DATASET RECORDS -
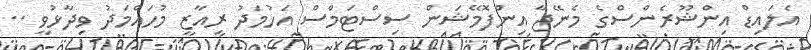
އެލައިޑް އިންޝޫރެންސްގެ މެނޭޖާ އިންފޮމޭޝަން ސިސްޓަމްސް އަހުމަދު ރިއާޒީ މުހައްމަދު ވިދާޅުވީ ..
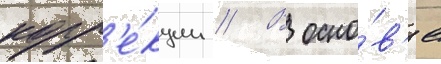
корр'е́кции // В осно́в'е
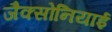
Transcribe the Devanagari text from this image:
जैक्सोनियाई
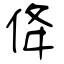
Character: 佭
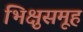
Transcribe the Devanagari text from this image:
भिक्षुसमूह
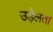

WORK TO BE COMPLETED - Write the lines out word for word, starting at the one with "Character: 佭" and stopping after the last line of the material above, with pictures excluded.

ANSWER SPACE -
Character: 佭
Transcribe the Devanagari text from this image:
भिक्षुसमूह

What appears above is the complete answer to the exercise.